DLC | New Dem Daily | May 8, 2000
Idea of the Week: Educational Investment and Accountability

The centerpiece of Texas Gov. George W. Bush's effort to project himself as a "compassionate conservative" has been his handling of the education issue. Bush has distanced himself from Congressional Republicans who want to either abolish federal involvement in education, or dump money on states and school boards without direction or accountability. Most strikingly, Bush adopted big chunks of a Progressive Policy Institute federal education overhaul plan that would consolidate small formula-based programs into large, performance-based grants combining flexibility with accountability.

Meanwhile, during the primary season, Vice President Al Gore emphasized his determination to increase federal spending for hiring teachers, building or rebuilding schools, and creating pre-kindergarten programs. Gore was on record favoring strong national standards, more results-oriented charter schools, and accountability for states, school districts, teachers and students, but did not talk about it much. Some journalists began to wonder out loud which candidate was the real New Democrat on education.
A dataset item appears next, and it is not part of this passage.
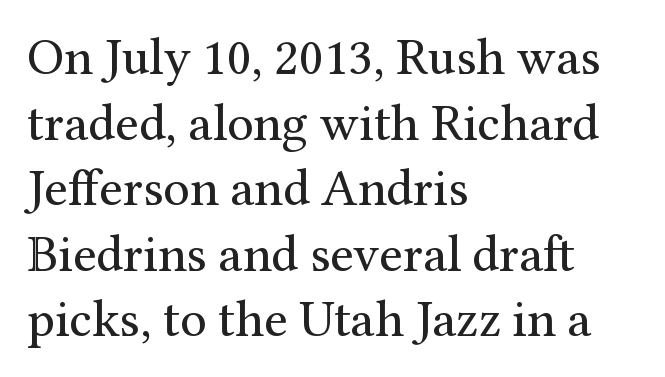
The image shows 52 px regular-weight serif type, upright; set left-aligned, normal line spacing (1.26x), normal letter spacing, not underlined; medium stroke contrast and a medium x-height.
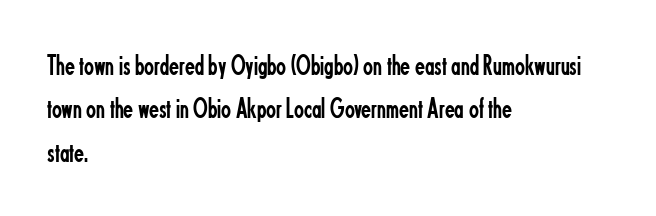
The image shows 29 px regular-weight, condensed sans-serif type, upright; set left-aligned, normal line spacing (1.5x), normal letter spacing, not underlined; low stroke contrast and a small x-height.

Last week, Gore answered that question. He is. He leapfrogged Bush on education in a speech that represented the campaign's first comprehensive effort to link more investment in schools with greater accountability for results, including public school choice. In a speech to the National Conference of Black Mayors, Gore got the message exactly right:

Investment without accountability is a waste of money. Accountability without investment is doomed to fail. And public school choice and competition are essential if we want to push schools to the highest possible levels of excellence in education.

Gore did far more than pay lip service to accountability. He reiterated his support for tough national standards and testing (including exit testing for high school seniors). He endorsed mandatory shutdowns for consistently underperforming schools. He called for removal of low-performing teachers and principals. And he pledged to make narrowing the "achievement gap" between high- and low-performing schools and school districts a tangible national goal and the linchpin for federal education funding. Furthermore, Gore recognized the importance of choice and competition in making public schools accountable to parents and taxpayers by calling for a tripling of the number of charter schools to more than 5,000 and for universal public school choice in the 100 lowest-performing school districts.

Most interesting, the Vice President's full support for educational accountability put him on much stronger ground in criticizing Gov. Bush's agenda. Some Democrats have attacked Bush for demanding too much accountability for schools, teachers, and students. But Gore's main line of attack was that Bush is undermining his own accountability effort by supporting the use of public funds (through vouchers and tax-free savings accounts) for private schools that are not accountable to any public authority. As Gore noted:

[Bush's] answer for failing schools is to take away a major portion of their funding, and allow it to be used for private schools through vouchers--giving parents a fraction of what private tuition really costs, and giving taxpayer dollars to schools that are accountable to no one.

Gov. Bush's campaign claimed that Gore's speech stole Bush's ideas on accountability. Since Bush purloined a New Democrat accountability proposal and then grafted vouchers and other private school subsidies onto it, this is a bit like the burglar shouting "Stop, thief!" But this is one campaign fight that can produce winning ideas for the country.